Why thank you Phil, I got some good news today. I took the motor to my local winders and he checked it out and its fine. He checked the amperage for each leg and it was low. He said it was wired in star. He matched the 6 wires up in pairs to make it delta and the amperage increased. I don't know what I must have done for it not to work.


----------



## wallace (11 Jul 2014)

A little bit more done, It was really warm today so I got these primed and painted.


----------



## wallace (13 Jul 2014)

A few of the collars were pitted so I put them on the lathe to clean up





Then I polished all the bits of the fence





This crown guard adjuster is of a different pk and is in a very sad state


----------



## woodiedonald (13 Jul 2014)

Good progress. The polished bits look great. I like those old handles that are on the top of the guard, yours might need a bit of work though to get it up to scratch! What are you going to do about the electrics? will you use the original bits or hide some new stuff in it? Cant wait to see the saw when its done!

Cheers,
Donald.


----------



## wallace (13 Jul 2014)

Hi Donald, the saw came with a modern brake but when I disassembled the wiring I found a loose wire with no obvious place to go. I plan on putting the brake inside the electric compartment where the old starter would have gone. I downloaded the wiring schematic but electrickery is not my strong point so have asked a friend who works with industrial machinery to help.


----------



## jimi43 (13 Jul 2014)

Fantastic update! 

Wallace...your attention to detail and superb engineering skills are amazing!

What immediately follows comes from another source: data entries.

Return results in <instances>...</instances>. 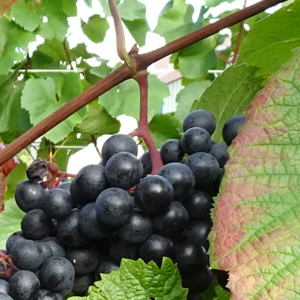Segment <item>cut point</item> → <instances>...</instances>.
<instances>
[{
  "mask_svg": "<svg viewBox=\"0 0 300 300\" xmlns=\"http://www.w3.org/2000/svg\"><path fill=\"white\" fill-rule=\"evenodd\" d=\"M148 75L147 70L136 75L134 81L139 85V126L136 128V136L143 138L148 149L156 148V142L148 130Z\"/></svg>",
  "mask_w": 300,
  "mask_h": 300,
  "instance_id": "1",
  "label": "cut point"
}]
</instances>
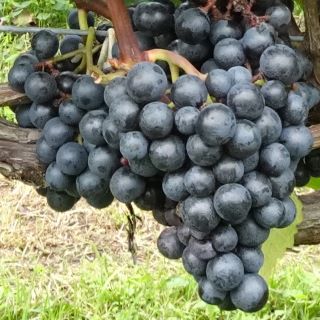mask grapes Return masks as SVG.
Wrapping results in <instances>:
<instances>
[{"mask_svg": "<svg viewBox=\"0 0 320 320\" xmlns=\"http://www.w3.org/2000/svg\"><path fill=\"white\" fill-rule=\"evenodd\" d=\"M185 0H135L127 8L143 50L166 49L185 57L205 80L180 76L172 84L167 61H142L127 77L95 84L86 65L65 58L48 65L57 35L40 30L32 51L19 55L10 85L32 103L15 105L18 126L42 130L36 156L49 164L46 188H36L57 212L83 196L94 208L114 197L153 211L166 225L157 248L182 257L199 283L200 298L226 311L257 312L268 286L257 273L261 244L273 228L296 217L295 186L320 177V148L309 126L320 124V90L305 83L312 62L278 37L290 22L292 0H255L260 25L212 21Z\"/></svg>", "mask_w": 320, "mask_h": 320, "instance_id": "1", "label": "grapes"}, {"mask_svg": "<svg viewBox=\"0 0 320 320\" xmlns=\"http://www.w3.org/2000/svg\"><path fill=\"white\" fill-rule=\"evenodd\" d=\"M79 43L83 44V38L79 36L69 35L63 38L60 49L62 55L67 52L77 51Z\"/></svg>", "mask_w": 320, "mask_h": 320, "instance_id": "2", "label": "grapes"}, {"mask_svg": "<svg viewBox=\"0 0 320 320\" xmlns=\"http://www.w3.org/2000/svg\"><path fill=\"white\" fill-rule=\"evenodd\" d=\"M67 20H68L69 28H71V29H80L79 19H78V10L77 9L72 10L69 13V15L67 17Z\"/></svg>", "mask_w": 320, "mask_h": 320, "instance_id": "3", "label": "grapes"}, {"mask_svg": "<svg viewBox=\"0 0 320 320\" xmlns=\"http://www.w3.org/2000/svg\"><path fill=\"white\" fill-rule=\"evenodd\" d=\"M229 4V0H216L215 6L221 11L222 14L227 12L226 6Z\"/></svg>", "mask_w": 320, "mask_h": 320, "instance_id": "4", "label": "grapes"}, {"mask_svg": "<svg viewBox=\"0 0 320 320\" xmlns=\"http://www.w3.org/2000/svg\"><path fill=\"white\" fill-rule=\"evenodd\" d=\"M118 49H119V46H118V42H114L113 45H112V57L113 59L114 58H117L118 56Z\"/></svg>", "mask_w": 320, "mask_h": 320, "instance_id": "5", "label": "grapes"}, {"mask_svg": "<svg viewBox=\"0 0 320 320\" xmlns=\"http://www.w3.org/2000/svg\"><path fill=\"white\" fill-rule=\"evenodd\" d=\"M87 21H88V29L90 27H94V18L93 15L89 12H87Z\"/></svg>", "mask_w": 320, "mask_h": 320, "instance_id": "6", "label": "grapes"}, {"mask_svg": "<svg viewBox=\"0 0 320 320\" xmlns=\"http://www.w3.org/2000/svg\"><path fill=\"white\" fill-rule=\"evenodd\" d=\"M101 48L102 46H100L97 50V52L95 54H93V65L96 66L97 62H98V59H99V56H100V53H101Z\"/></svg>", "mask_w": 320, "mask_h": 320, "instance_id": "7", "label": "grapes"}, {"mask_svg": "<svg viewBox=\"0 0 320 320\" xmlns=\"http://www.w3.org/2000/svg\"><path fill=\"white\" fill-rule=\"evenodd\" d=\"M108 28H114L113 25H109V24H101L97 27V30H108Z\"/></svg>", "mask_w": 320, "mask_h": 320, "instance_id": "8", "label": "grapes"}, {"mask_svg": "<svg viewBox=\"0 0 320 320\" xmlns=\"http://www.w3.org/2000/svg\"><path fill=\"white\" fill-rule=\"evenodd\" d=\"M96 39L103 44L104 40H105V36H100V35H95Z\"/></svg>", "mask_w": 320, "mask_h": 320, "instance_id": "9", "label": "grapes"}]
</instances>
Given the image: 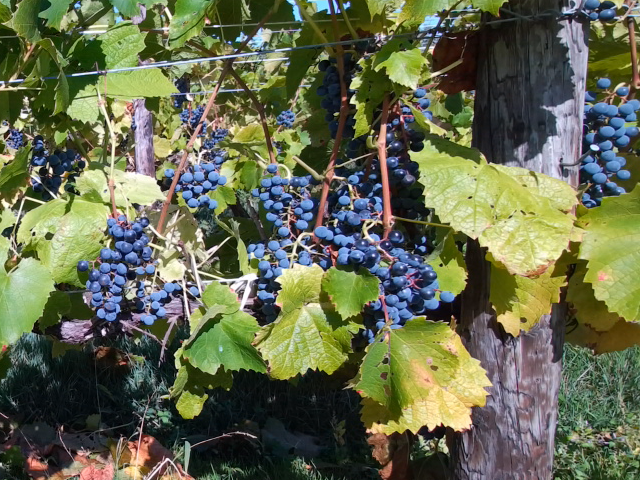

Can't wait for the next update!

=D> =D> =D> 

Jimi


----------



## wallace (14 Jul 2014)

Here you go Jimmy, not too long to wait. I used a powerfile to get through the rust before finishing things off by hand sanding down to 600grit.





For flat things I glue sand paper to a mirror





And after polishing


----------



## jimi43 (14 Jul 2014)

Superb once again Wallace.

I don't know if I asked you before but have you used 3M MicroMesh in your work?

At first I thought it rather expensive but I still have a pack I bought about six years ago...which I now relegated from light wood..through to dark wood and now metal. This is only because of cross-contamination...nothing to do with any loss of cutting ability.

Jim


----------



## wallace (14 Jul 2014)

Ive got some but its 3000, 6000. Ive used it for pen turning but thats about it. I could do with some rougher stuff for hand finshing


----------



## jimi43 (14 Jul 2014)

wallace":2eketjqf said:


> Ive got some but its 3000, 6000. Ive used it for pen turning but thats about it. I could do with some rougher stuff for hand finshing



I would try using Mirka Abranet rectangular pads and start with the 120G up to 600G then swing over to 1500 mesh Micro-mesh Regular and work up the meshes to 12000 and see what happens. Both are bought in those links in multipacks.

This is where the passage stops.